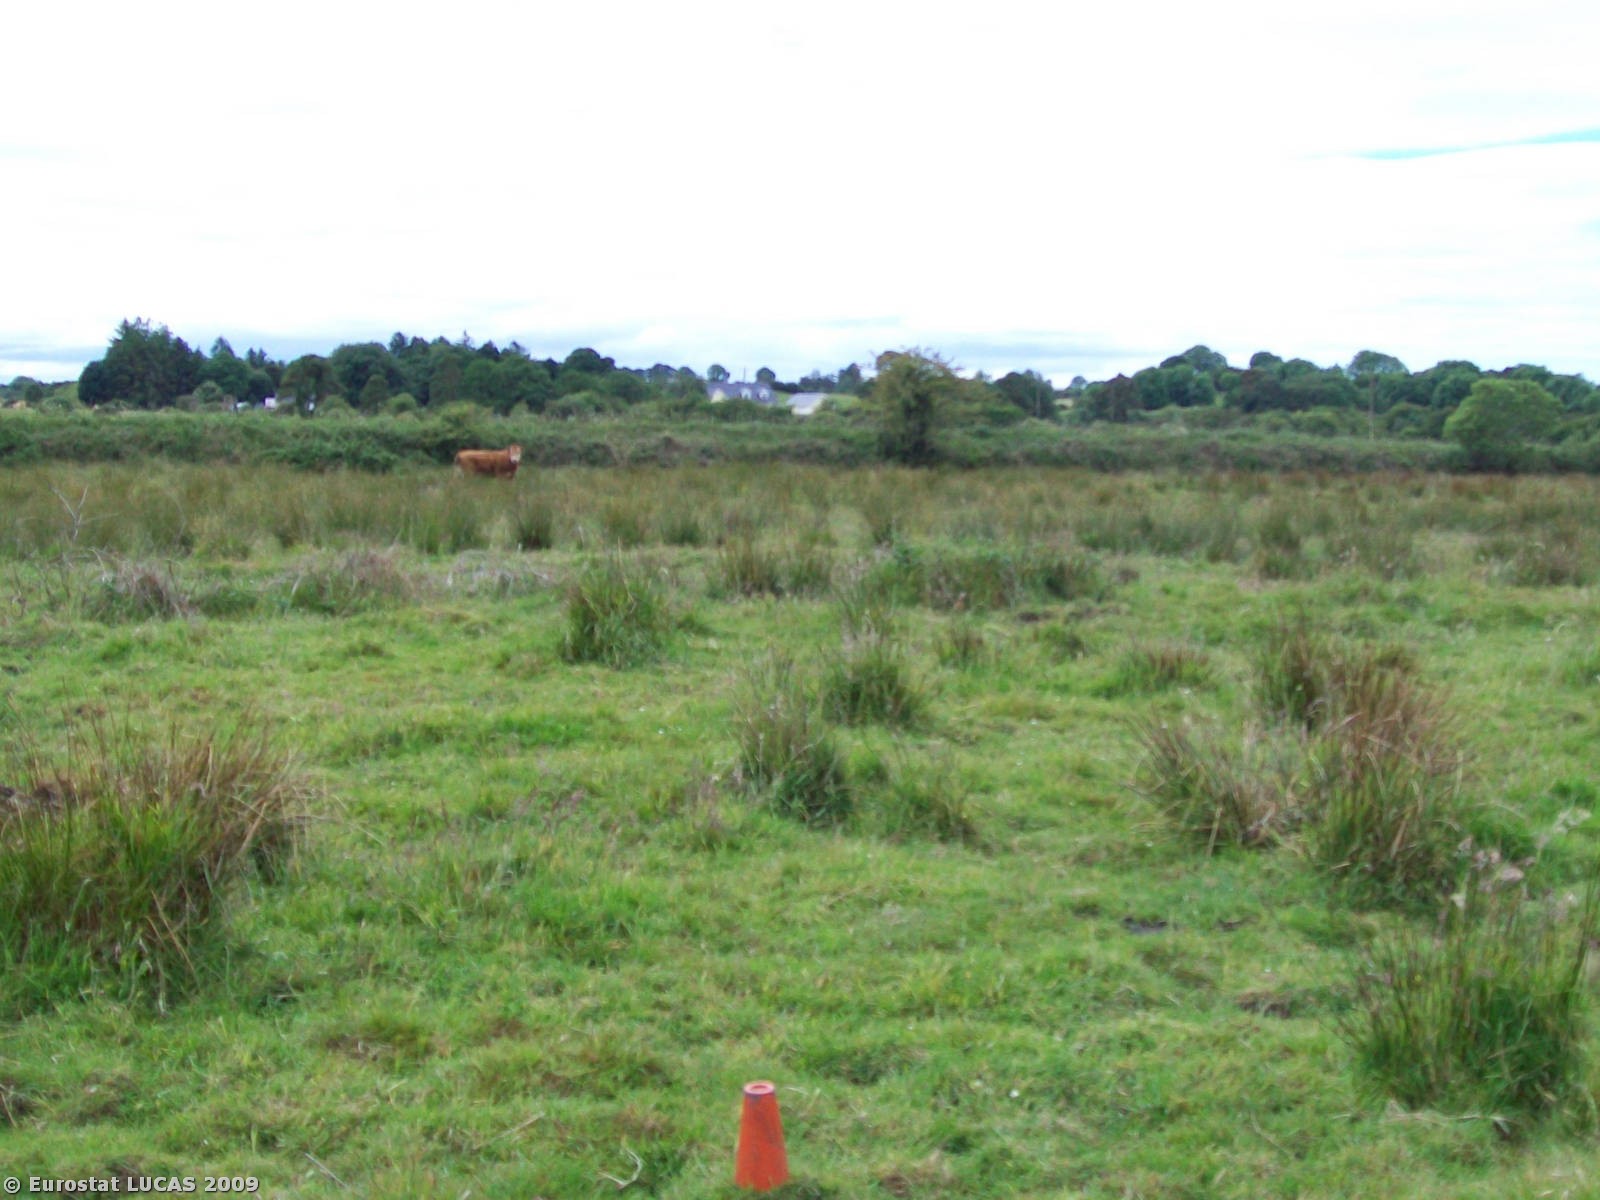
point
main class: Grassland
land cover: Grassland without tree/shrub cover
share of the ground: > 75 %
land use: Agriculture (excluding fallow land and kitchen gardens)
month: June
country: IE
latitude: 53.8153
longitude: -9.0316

■ **TASK INSTRUCTIONS**
Write every entry again exactly as given, skipping the pictures.

■ **COMPLETED EXERCISE**
point
main class: Grassland
land cover: Grassland without tree/shrub cover
share of the ground: > 75 %
land use: Agriculture (excluding fallow land and kitchen gardens)
month: June
country: IE
latitude: 53.8153
longitude: -9.0316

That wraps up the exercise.